[Opening Input records section]

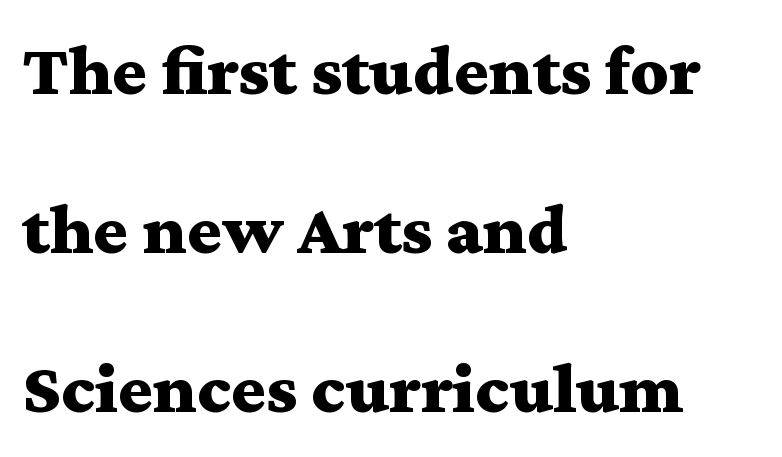
Q: Is the text bold? A: Yes.
Q: Is the text italic (slanted)? A: No, it is upright.
Q: Is the typeface a serif or a sans-serif typeface? A: Serif.
Q: Is the text underlined? A: No.
Q: How is the paragraph aligned? A: Left-aligned.
Q: Is the spacing between letters normal or unusually wide? A: Normal.
Q: Is the spacing between lines tight, normal or loose? A: Loose.
Q: Width (condensed, normal, or wide)? A: Wide.
Q: Stroke contrast? A: Medium.
Q: x-height? A: Medium.
Q: Monospaced? A: No.
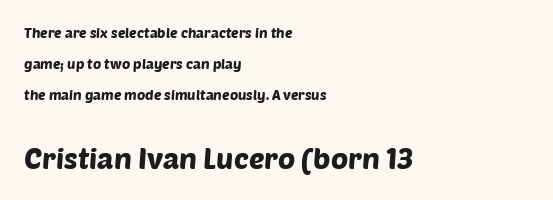
Q: Is the typeface a serif or a sans-serif typeface? A: Sans-serif.
Q: Is the text underlined? A: No.
Q: How is the paragraph aligned? A: Left-aligned.
Q: Is the spacing between letters normal or unusually wide? A: Normal.
Q: Is the spacing between lines tight, normal or loose? A: Loose.
Q: Which block of text is set in a larger size, the first (top) or the second (bottom)? A: The second (bottom) one.
Q: Width (condensed, normal, or wide)? A: Normal.
Q: Stroke contrast? A: Low.
Q: x-height? A: Large.
Q: Monospaced? A: No.
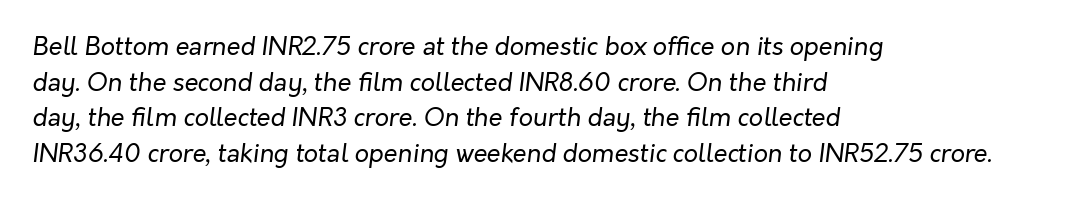
The image shows 25 px text type, italic (leaning right); set left-aligned, normal line spacing (1.43x), normal letter spacing, not underlined.
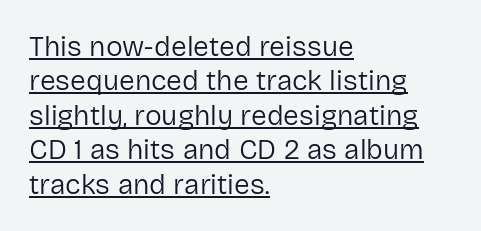
The image shows 28 px regular-weight sans-serif type, upright; set left-aligned, line spacing 1.23x, normal letter spacing, underlined; low stroke contrast and a medium x-height.
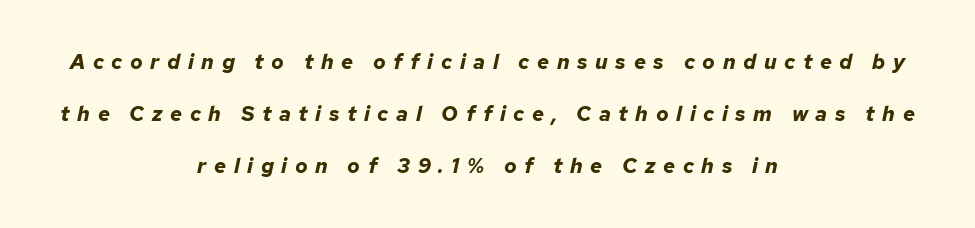
The image shows 21 px bold type, italic (leaning right); set centered, loose line spacing (2.48x), unusually wide letter spacing (+0.36 em), not underlined.
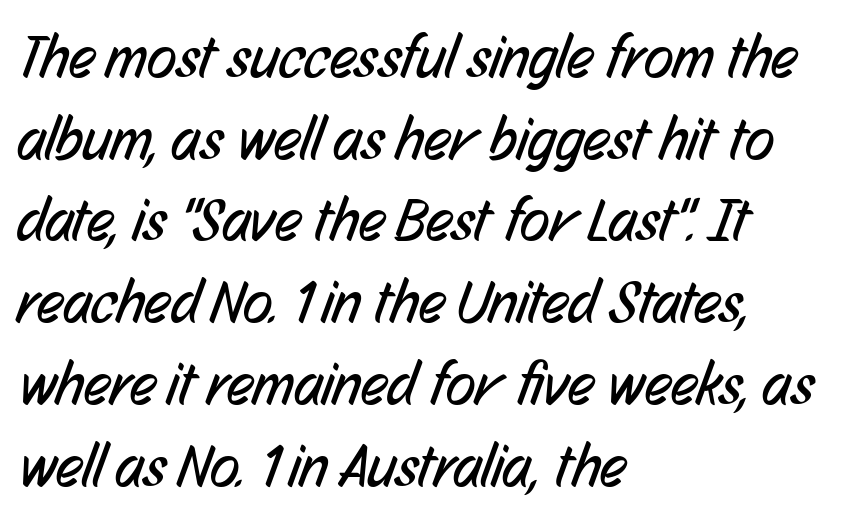
{"serif": "no", "bold": "no", "weight": "regular", "width": "condensed", "stroke_contrast": "low", "x_height": "medium", "monospaced": "no", "underline": "no", "align": "left", "line_spacing": "normal", "line_spacing_ratio": 1.34, "letter_spacing": "normal", "letter_spacing_em": 0.0, "glyph_px": 61}
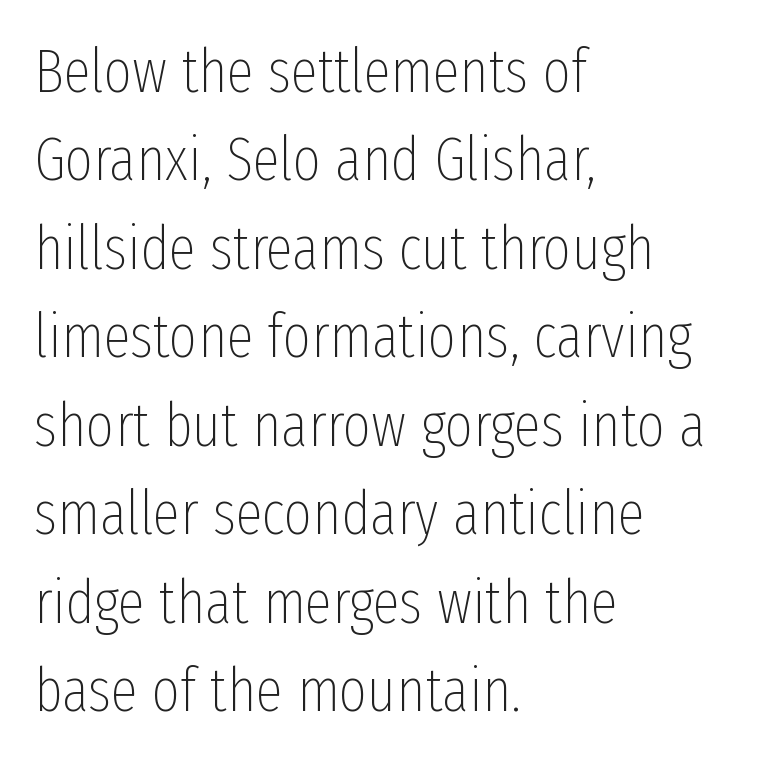
{"serif": "no", "italic": "no", "bold": "no", "weight": "thin", "width": "condensed", "stroke_contrast": "low", "x_height": "medium", "monospaced": "no", "underline": "no", "align": "left", "line_spacing": "normal", "line_spacing_ratio": 1.45, "letter_spacing": "normal", "letter_spacing_em": 0.0, "glyph_px": 61}
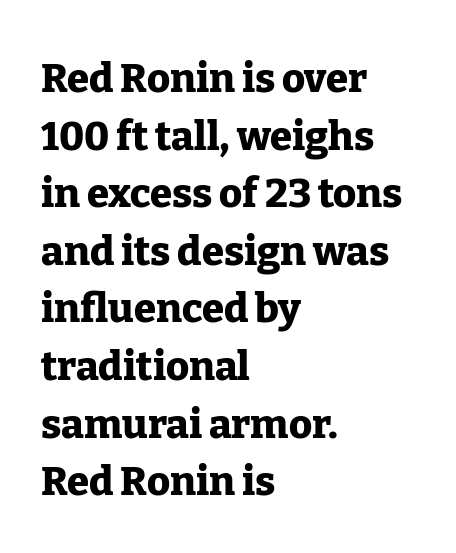
A normal amount of white space separates one row of letters from the next. What kind of face is this? One with serifs. The words here are not underlined. Typographic density is high because the face is bold. Do the characters align in a grid? No, the font is proportional.
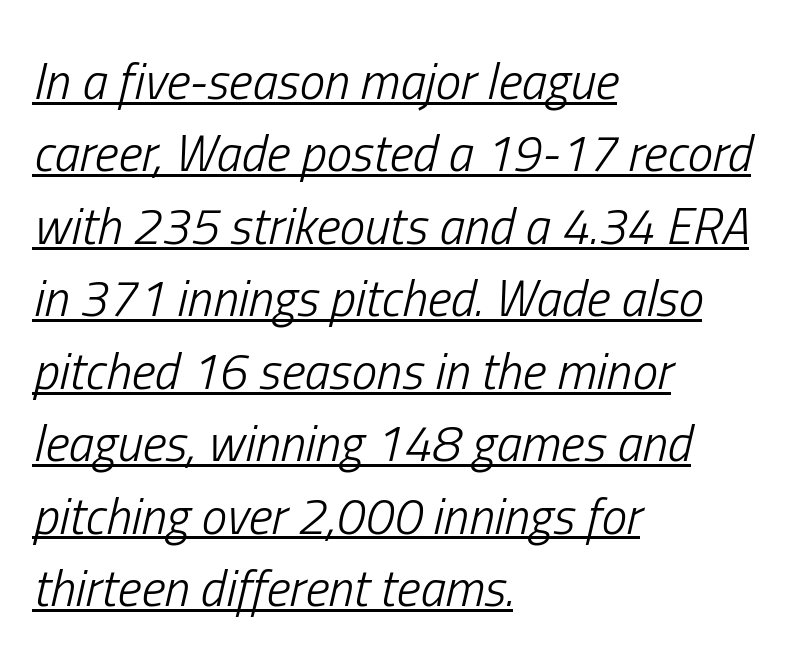
{"italic": "yes", "lean": "right", "slant_degrees": 13, "bold": "no", "weight": "light", "width": "condensed", "stroke_contrast": "low", "x_height": "medium", "monospaced": "no", "underline": "yes", "align": "left", "line_spacing": "normal", "line_spacing_ratio": 1.42, "letter_spacing": "normal", "letter_spacing_em": 0.0, "glyph_px": 51}
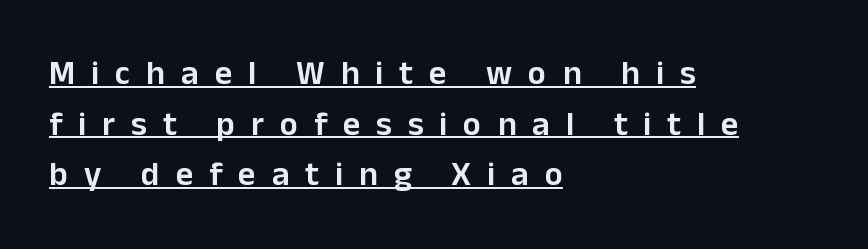
{"serif": "no", "italic": "no", "bold": "semi", "weight": "semibold", "width": "normal", "stroke_contrast": "low", "x_height": "medium", "monospaced": "no", "underline": "yes", "align": "left", "line_spacing": "normal", "line_spacing_ratio": 1.49, "letter_spacing": "wide", "letter_spacing_em": 0.47, "glyph_px": 34}
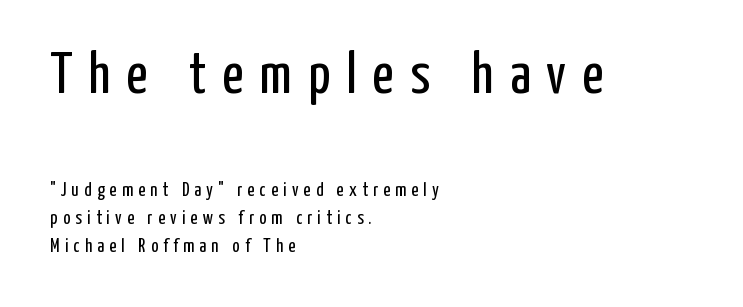
{"serif": "no", "italic": "no", "bold": "no", "weight": "regular", "width": "condensed", "stroke_contrast": "low", "x_height": "medium", "monospaced": "no", "underline": "no", "align": "left", "line_spacing": "normal", "line_spacing_ratio": 1.48, "letter_spacing": "wide", "letter_spacing_em": 0.28, "larger_block": "first", "size_ratio": 3.05, "glyph_px": 58}

[Closing Input records section]

▶ _What you will do_: All of the entries above should be duplicated exactly, except for the pictures.

▶ _Answer to the problem_:
Q: Is the text bold? A: Yes.
Q: Is the text italic (slanted)? A: No, it is upright.
Q: Is the typeface a serif or a sans-serif typeface? A: Serif.
Q: Is the text underlined? A: No.
Q: How is the paragraph aligned? A: Left-aligned.
Q: Is the spacing between letters normal or unusually wide? A: Normal.
Q: Is the spacing between lines tight, normal or loose? A: Loose.
Q: Width (condensed, normal, or wide)? A: Wide.
Q: Stroke contrast? A: Medium.
Q: x-height? A: Medium.
Q: Monospaced? A: No.
Q: Is the typeface a serif or a sans-serif typeface? A: Sans-serif.
Q: Is the text underlined? A: No.
Q: How is the paragraph aligned? A: Left-aligned.
Q: Is the spacing between letters normal or unusually wide? A: Normal.
Q: Is the spacing between lines tight, normal or loose? A: Loose.
Q: Which block of text is set in a larger size, the first (top) or the second (bottom)? A: The second (bottom) one.
Q: Width (condensed, normal, or wide)? A: Normal.
Q: Stroke contrast? A: Low.
Q: x-height? A: Large.
Q: Monospaced? A: No.
The image shows 25 px text type, italic (leaning right); set left-aligned, normal line spacing (1.43x), normal letter spacing, not underlined.
The image shows 28 px regular-weight sans-serif type, upright; set left-aligned, line spacing 1.23x, normal letter spacing, underlined; low stroke contrast and a medium x-height.
The image shows 21 px bold type, italic (leaning right); set centered, loose line spacing (2.48x), unusually wide letter spacing (+0.36 em), not underlined.
{"serif": "no", "bold": "no", "weight": "regular", "width": "condensed", "stroke_contrast": "low", "x_height": "medium", "monospaced": "no", "underline": "no", "align": "left", "line_spacing": "normal", "line_spacing_ratio": 1.34, "letter_spacing": "normal", "letter_spacing_em": 0.0, "glyph_px": 61}
{"serif": "no", "italic": "no", "bold": "no", "weight": "thin", "width": "condensed", "stroke_contrast": "low", "x_height": "medium", "monospaced": "no", "underline": "no", "align": "left", "line_spacing": "normal", "line_spacing_ratio": 1.45, "letter_spacing": "normal", "letter_spacing_em": 0.0, "glyph_px": 61}
A normal amount of white space separates one row of letters from the next. What kind of face is this? One with serifs. The words here are not underlined. Typographic density is high because the face is bold. Do the characters align in a grid? No, the font is proportional.
{"italic": "yes", "lean": "right", "slant_degrees": 13, "bold": "no", "weight": "light", "width": "condensed", "stroke_contrast": "low", "x_height": "medium", "monospaced": "no", "underline": "yes", "align": "left", "line_spacing": "normal", "line_spacing_ratio": 1.42, "letter_spacing": "normal", "letter_spacing_em": 0.0, "glyph_px": 51}
{"serif": "no", "italic": "no", "bold": "semi", "weight": "semibold", "width": "normal", "stroke_contrast": "low", "x_height": "medium", "monospaced": "no", "underline": "yes", "align": "left", "line_spacing": "normal", "line_spacing_ratio": 1.49, "letter_spacing": "wide", "letter_spacing_em": 0.47, "glyph_px": 34}
{"serif": "no", "italic": "no", "bold": "no", "weight": "regular", "width": "condensed", "stroke_contrast": "low", "x_height": "medium", "monospaced": "no", "underline": "no", "align": "left", "line_spacing": "normal", "line_spacing_ratio": 1.48, "letter_spacing": "wide", "letter_spacing_em": 0.28, "larger_block": "first", "size_ratio": 3.05, "glyph_px": 58}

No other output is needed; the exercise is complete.